▶ Task goal: Transcribe the listing below exactly, without pictures.
===== Given data
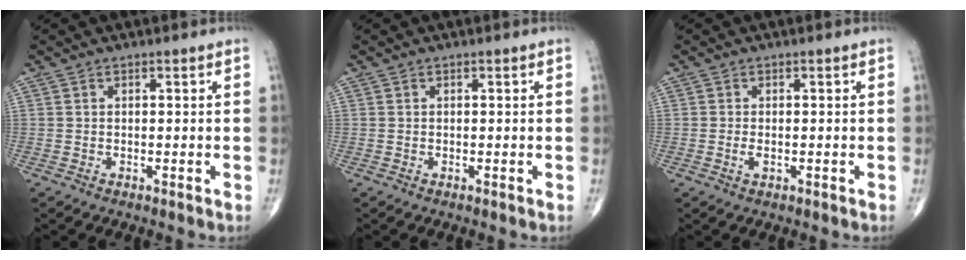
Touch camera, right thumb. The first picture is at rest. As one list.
[{"total": 0.0}, {"total": 1.3, "force": [-0.3, 0.6, 1.1], "torque": [-0.021, 0.000, -0.007]}]
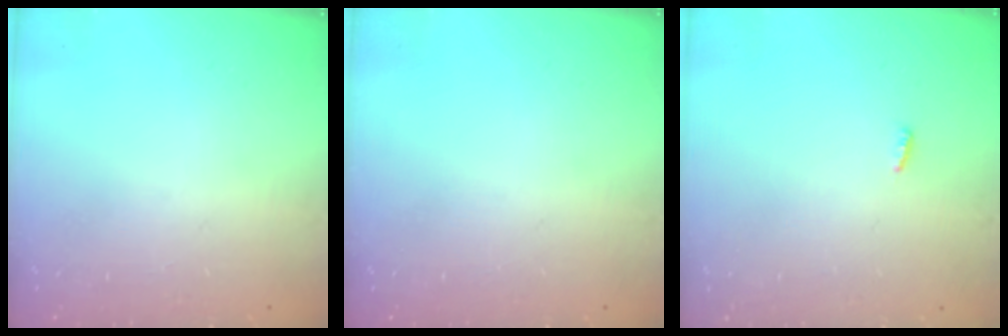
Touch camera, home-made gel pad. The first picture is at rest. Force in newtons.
{"total": 0.0}
{"total": 3.0, "press": 2.9, "slide": 0.8}
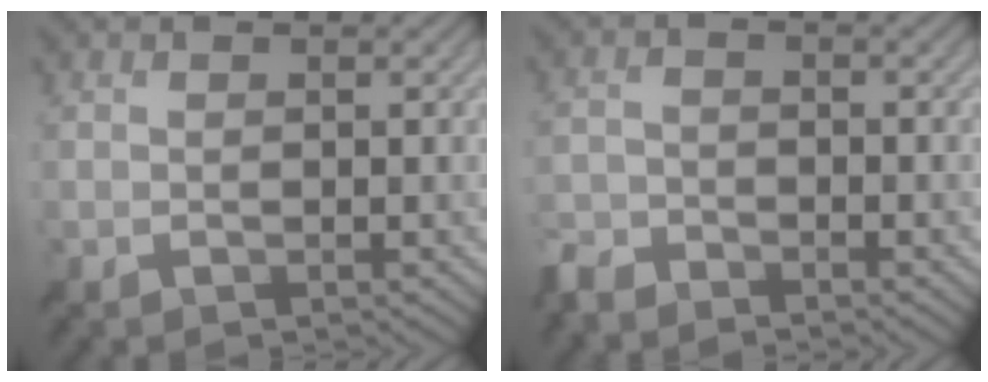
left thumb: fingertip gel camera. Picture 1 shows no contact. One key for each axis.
{"total": 3.3, "fx": -3.2, "fy": 0.6, "fz": 0.6, "tx": -0.016, "ty": -0.009, "tz": -0.077}
==========
▶ Exercise solution:
Touch camera, right thumb. The first picture is at rest. As one list.
[{"total": 0.0}, {"total": 1.3, "force": [-0.3, 0.6, 1.1], "torque": [-0.021, 0.000, -0.007]}]
Touch camera, home-made gel pad. The first picture is at rest. Force in newtons.
{"total": 0.0}
{"total": 3.0, "press": 2.9, "slide": 0.8}
left thumb: fingertip gel camera. Picture 1 shows no contact. One key for each axis.
{"total": 3.3, "fx": -3.2, "fy": 0.6, "fz": 0.6, "tx": -0.016, "ty": -0.009, "tz": -0.077}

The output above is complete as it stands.